_SUPPLIED INFORMATION_:
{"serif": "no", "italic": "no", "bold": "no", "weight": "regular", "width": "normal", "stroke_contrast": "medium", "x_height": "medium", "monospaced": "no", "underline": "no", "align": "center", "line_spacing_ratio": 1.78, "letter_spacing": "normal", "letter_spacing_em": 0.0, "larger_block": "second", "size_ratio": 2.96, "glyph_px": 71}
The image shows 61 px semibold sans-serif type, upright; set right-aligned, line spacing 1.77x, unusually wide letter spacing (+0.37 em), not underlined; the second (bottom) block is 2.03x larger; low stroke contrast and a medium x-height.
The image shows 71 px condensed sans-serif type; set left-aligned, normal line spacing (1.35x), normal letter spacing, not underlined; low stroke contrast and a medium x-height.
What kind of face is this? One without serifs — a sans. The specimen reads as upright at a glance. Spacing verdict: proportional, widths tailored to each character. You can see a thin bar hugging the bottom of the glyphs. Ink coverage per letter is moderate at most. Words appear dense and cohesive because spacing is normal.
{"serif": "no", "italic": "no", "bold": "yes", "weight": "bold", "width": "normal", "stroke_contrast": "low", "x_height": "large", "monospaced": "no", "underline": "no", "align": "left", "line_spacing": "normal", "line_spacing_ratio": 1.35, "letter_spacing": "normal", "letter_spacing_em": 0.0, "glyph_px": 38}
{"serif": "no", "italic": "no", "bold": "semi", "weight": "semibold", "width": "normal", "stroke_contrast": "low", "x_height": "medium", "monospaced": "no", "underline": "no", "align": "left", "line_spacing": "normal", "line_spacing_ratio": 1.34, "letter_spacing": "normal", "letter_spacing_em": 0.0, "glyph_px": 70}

...

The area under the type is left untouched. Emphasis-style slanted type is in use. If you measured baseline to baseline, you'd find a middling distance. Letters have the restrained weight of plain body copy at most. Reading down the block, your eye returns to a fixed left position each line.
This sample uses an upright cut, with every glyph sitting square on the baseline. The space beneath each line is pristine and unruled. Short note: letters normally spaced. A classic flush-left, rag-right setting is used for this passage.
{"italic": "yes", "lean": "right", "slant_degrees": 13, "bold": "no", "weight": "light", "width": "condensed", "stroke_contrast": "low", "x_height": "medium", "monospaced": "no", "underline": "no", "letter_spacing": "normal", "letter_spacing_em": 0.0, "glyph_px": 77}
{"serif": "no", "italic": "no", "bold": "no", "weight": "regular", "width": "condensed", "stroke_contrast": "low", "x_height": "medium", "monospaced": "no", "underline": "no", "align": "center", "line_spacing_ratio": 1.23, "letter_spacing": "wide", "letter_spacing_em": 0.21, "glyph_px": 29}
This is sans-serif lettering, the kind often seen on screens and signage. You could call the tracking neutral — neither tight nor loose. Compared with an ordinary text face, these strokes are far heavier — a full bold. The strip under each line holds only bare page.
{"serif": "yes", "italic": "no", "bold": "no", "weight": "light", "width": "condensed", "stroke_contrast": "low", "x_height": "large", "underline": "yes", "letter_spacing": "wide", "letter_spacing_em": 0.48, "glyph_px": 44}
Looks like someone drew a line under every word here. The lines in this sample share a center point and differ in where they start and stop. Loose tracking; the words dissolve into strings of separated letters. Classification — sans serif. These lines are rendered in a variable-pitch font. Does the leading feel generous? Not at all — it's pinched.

==

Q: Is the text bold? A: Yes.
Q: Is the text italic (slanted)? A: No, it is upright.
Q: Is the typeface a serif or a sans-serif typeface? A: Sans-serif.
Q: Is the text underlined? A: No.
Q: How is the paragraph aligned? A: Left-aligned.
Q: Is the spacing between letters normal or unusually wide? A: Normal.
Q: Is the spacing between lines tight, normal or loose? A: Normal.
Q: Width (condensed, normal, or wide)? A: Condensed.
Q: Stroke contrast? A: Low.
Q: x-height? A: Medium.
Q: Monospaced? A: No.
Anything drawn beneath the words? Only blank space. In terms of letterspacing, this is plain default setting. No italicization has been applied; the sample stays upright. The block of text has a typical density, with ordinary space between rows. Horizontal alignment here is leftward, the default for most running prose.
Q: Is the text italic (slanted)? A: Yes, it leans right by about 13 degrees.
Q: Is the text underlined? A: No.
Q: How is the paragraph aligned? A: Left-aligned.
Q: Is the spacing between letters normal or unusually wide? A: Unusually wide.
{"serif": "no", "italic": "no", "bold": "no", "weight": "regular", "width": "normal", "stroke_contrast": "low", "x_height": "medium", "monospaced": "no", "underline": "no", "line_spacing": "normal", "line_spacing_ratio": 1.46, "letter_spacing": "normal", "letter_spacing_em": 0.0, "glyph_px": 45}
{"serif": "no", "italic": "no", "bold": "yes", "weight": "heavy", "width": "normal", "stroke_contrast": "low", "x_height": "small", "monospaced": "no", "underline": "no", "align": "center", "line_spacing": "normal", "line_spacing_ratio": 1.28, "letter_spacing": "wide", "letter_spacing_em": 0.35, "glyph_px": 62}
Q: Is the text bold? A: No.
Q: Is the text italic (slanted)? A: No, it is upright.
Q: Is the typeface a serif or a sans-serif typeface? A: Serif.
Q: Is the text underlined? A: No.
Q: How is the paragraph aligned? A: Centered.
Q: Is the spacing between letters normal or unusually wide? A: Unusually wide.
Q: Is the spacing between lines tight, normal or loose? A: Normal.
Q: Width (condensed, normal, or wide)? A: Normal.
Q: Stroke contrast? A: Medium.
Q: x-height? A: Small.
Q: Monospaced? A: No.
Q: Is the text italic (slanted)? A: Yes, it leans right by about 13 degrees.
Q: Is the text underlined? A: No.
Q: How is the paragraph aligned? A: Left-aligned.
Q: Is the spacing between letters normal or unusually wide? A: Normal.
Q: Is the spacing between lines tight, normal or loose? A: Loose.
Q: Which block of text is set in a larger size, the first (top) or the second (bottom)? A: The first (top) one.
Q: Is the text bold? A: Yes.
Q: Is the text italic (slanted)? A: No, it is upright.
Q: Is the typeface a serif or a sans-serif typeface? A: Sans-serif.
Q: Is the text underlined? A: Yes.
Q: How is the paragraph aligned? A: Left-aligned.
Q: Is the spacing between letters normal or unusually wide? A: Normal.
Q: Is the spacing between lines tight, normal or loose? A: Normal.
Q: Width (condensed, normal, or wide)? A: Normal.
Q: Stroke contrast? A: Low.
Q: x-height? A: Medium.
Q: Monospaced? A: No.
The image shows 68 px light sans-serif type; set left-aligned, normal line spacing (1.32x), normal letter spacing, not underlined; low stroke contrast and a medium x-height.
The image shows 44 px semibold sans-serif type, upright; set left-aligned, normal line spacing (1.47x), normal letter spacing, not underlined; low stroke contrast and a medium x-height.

_THE TASK_:
Within the material above, output exactly the lines from the one with "loose? A: Loose." through the one with "The image shows 44", end lines included, and nothing besides.

_OUTPUT OF THE EXERCISE_:
Q: Is the spacing between lines tight, normal or loose? A: Loose.
Q: Which block of text is set in a larger size, the first (top) or the second (bottom)? A: The first (top) one.
Q: Is the text bold? A: Yes.
Q: Is the text italic (slanted)? A: No, it is upright.
Q: Is the typeface a serif or a sans-serif typeface? A: Sans-serif.
Q: Is the text underlined? A: Yes.
Q: How is the paragraph aligned? A: Left-aligned.
Q: Is the spacing between letters normal or unusually wide? A: Normal.
Q: Is the spacing between lines tight, normal or loose? A: Normal.
Q: Width (condensed, normal, or wide)? A: Normal.
Q: Stroke contrast? A: Low.
Q: x-height? A: Medium.
Q: Monospaced? A: No.
The image shows 68 px light sans-serif type; set left-aligned, normal line spacing (1.32x), normal letter spacing, not underlined; low stroke contrast and a medium x-height.
The image shows 44 px semibold sans-serif type, upright; set left-aligned, normal line spacing (1.47x), normal letter spacing, not underlined; low stroke contrast and a medium x-height.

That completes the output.